:: EXERCISE INPUT ::
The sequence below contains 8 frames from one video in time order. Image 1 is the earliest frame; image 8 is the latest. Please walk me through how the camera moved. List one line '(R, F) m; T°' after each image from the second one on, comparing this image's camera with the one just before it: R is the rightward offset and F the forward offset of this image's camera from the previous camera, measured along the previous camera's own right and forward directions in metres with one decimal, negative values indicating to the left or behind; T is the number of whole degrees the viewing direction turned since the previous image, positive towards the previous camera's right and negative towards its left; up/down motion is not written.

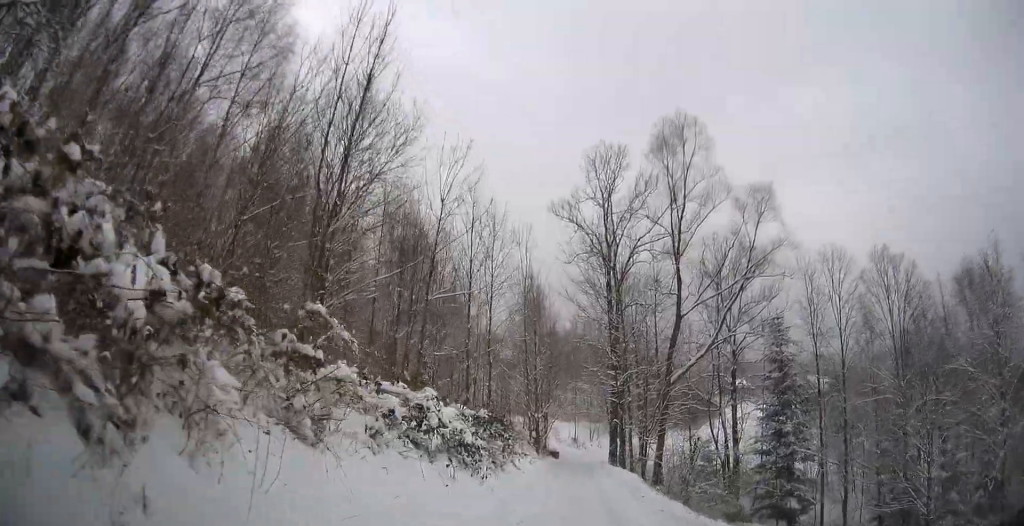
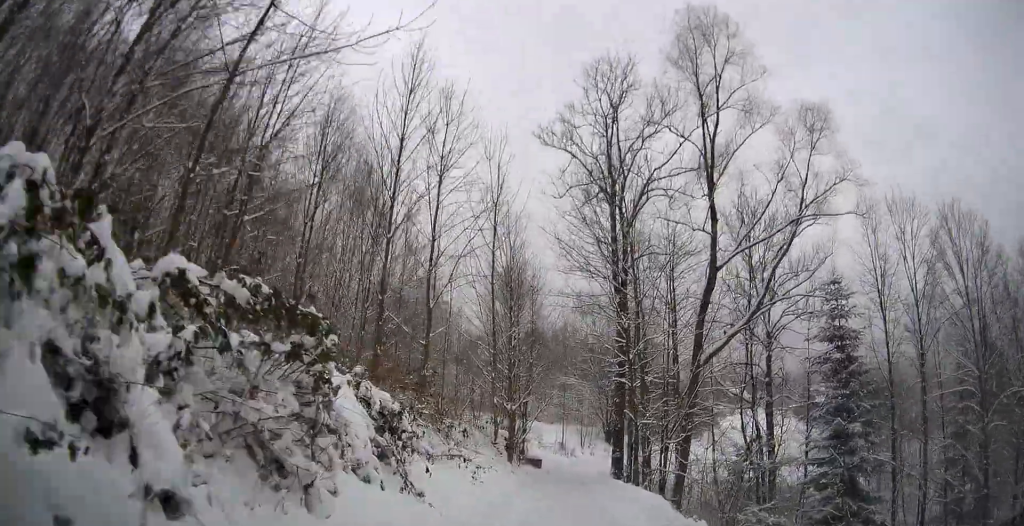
(+0.2, +10.5) m; +1°
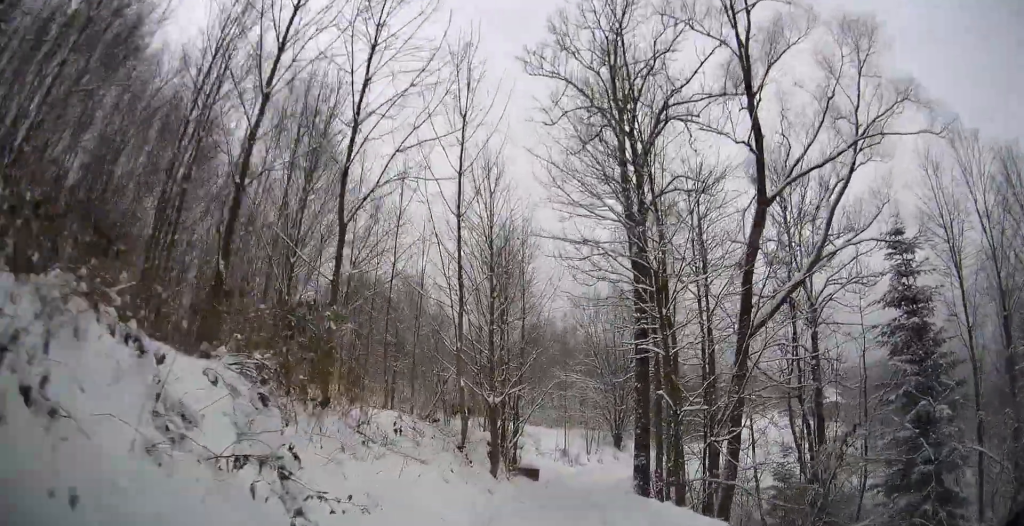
(0.0, +6.8) m; 0°
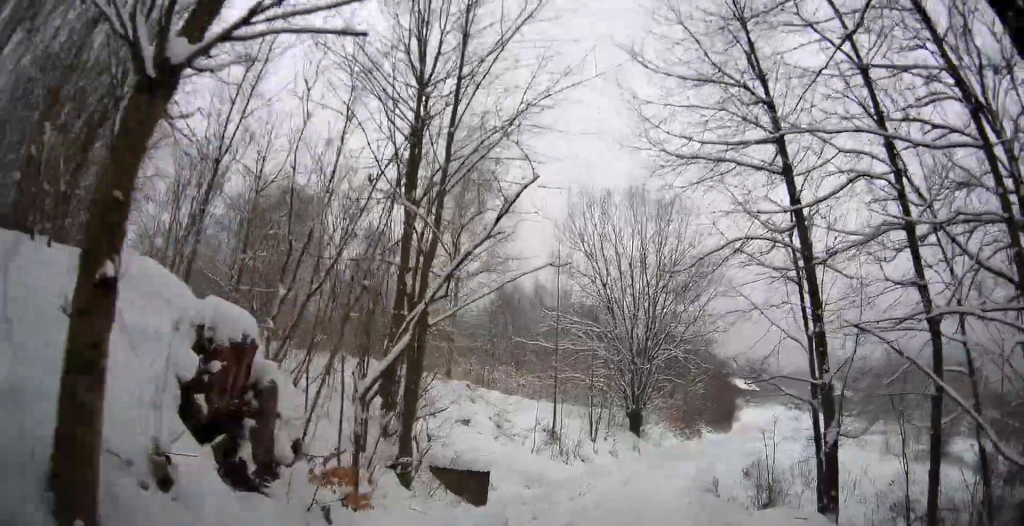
(+0.1, +16.1) m; +2°
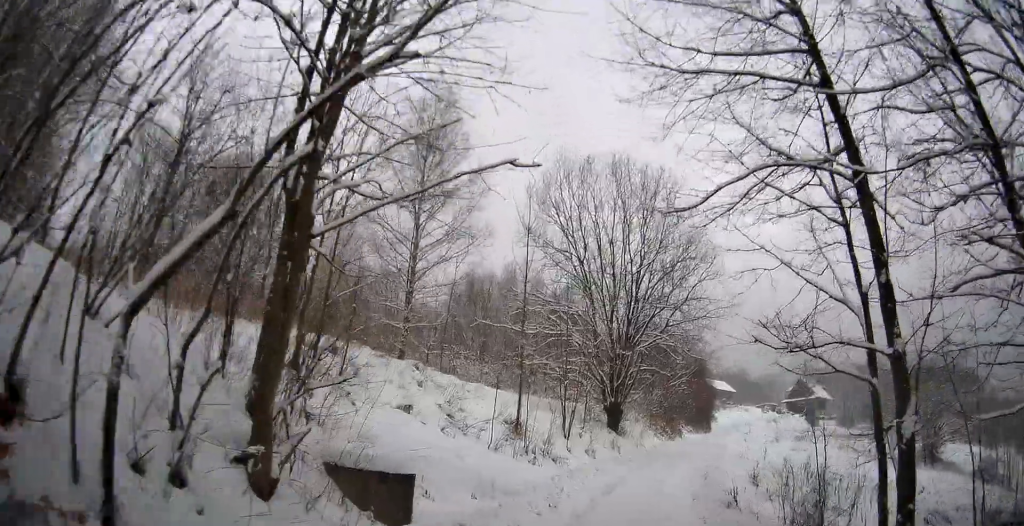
(0.0, +3.5) m; +1°
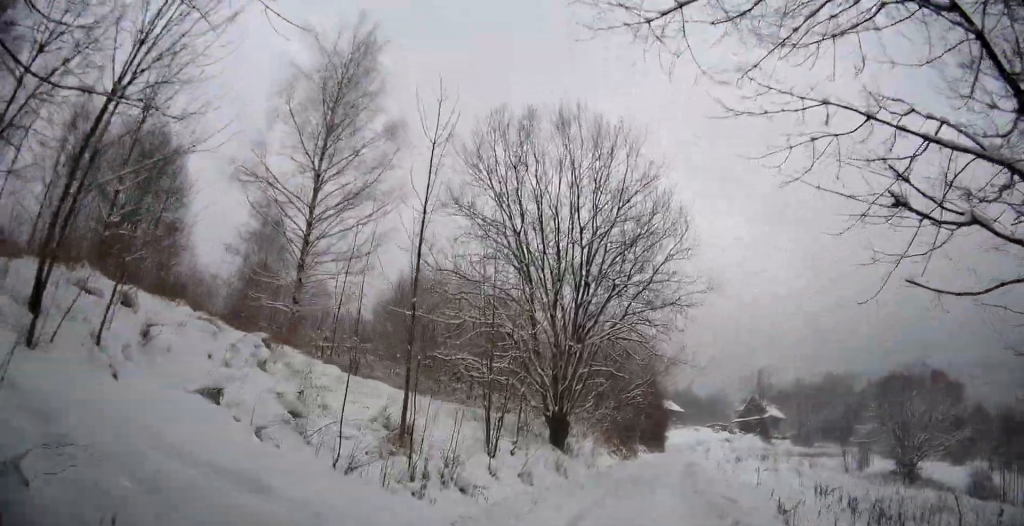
(+0.1, +5.8) m; +6°
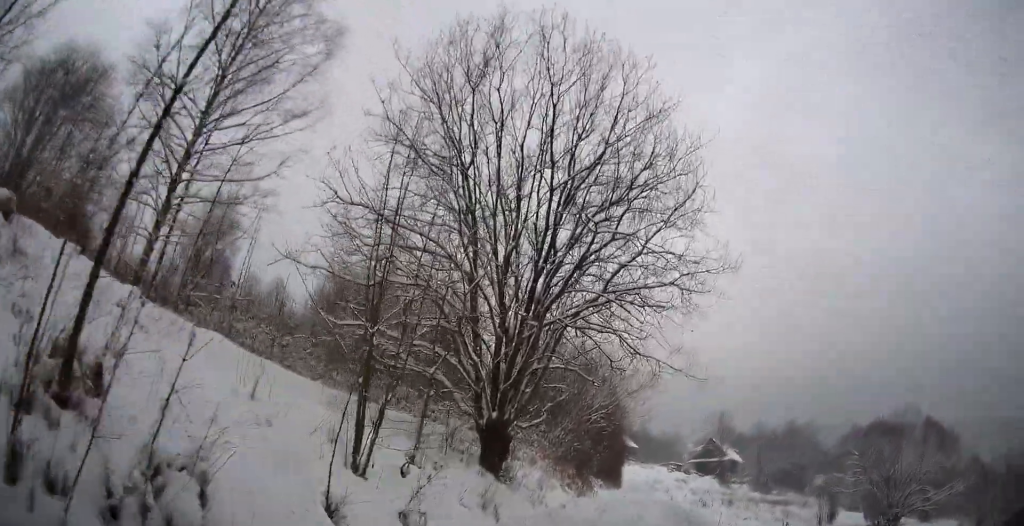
(+0.5, +5.8) m; +6°
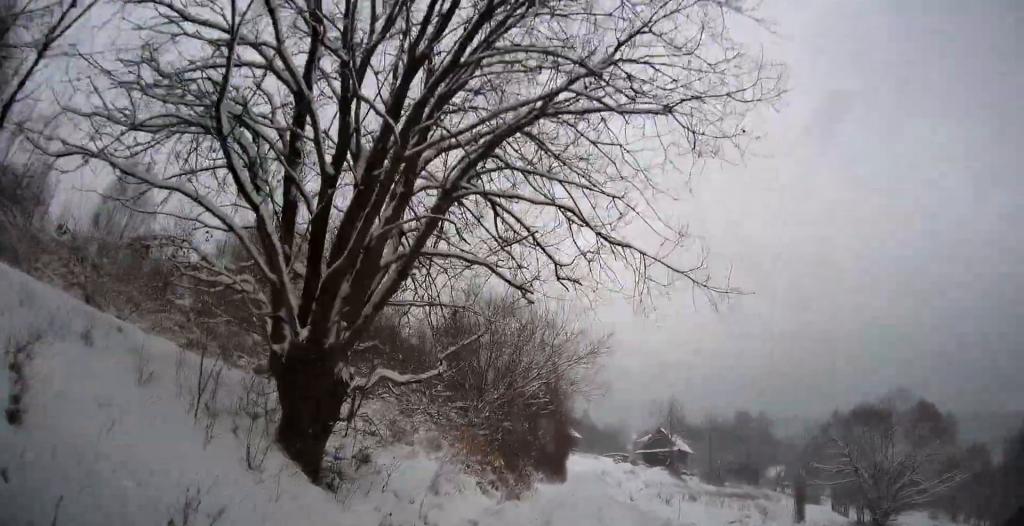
(+0.3, +7.0) m; +4°

:: TASK INSTRUCTIONS ::
The records above should be reproduced exactly, with no pictures included.

:: EXERCISE ANSWER ::
The sequence below contains 8 frames from one video in time order. Image 1 is the earliest frame; image 8 is the latest. Please walk me through how the camera moved. List one line '(R, F) m; T°' after each image from the second one on, comparing this image's camera with the one just before it: R is the rightward offset and F the forward offset of this image's camera from the previous camera, measured along the previous camera's own right and forward directions in metres with one decimal, negative values indicating to the left or behind; T is the number of whole degrees the viewing direction turned since the previous image, positive towards the previous camera's right and negative towards its left; up/down motion is not written.

(+0.2, +10.5) m; +1°
(0.0, +6.8) m; 0°
(+0.1, +16.1) m; +2°
(0.0, +3.5) m; +1°
(+0.1, +5.8) m; +6°
(+0.5, +5.8) m; +6°
(+0.3, +7.0) m; +4°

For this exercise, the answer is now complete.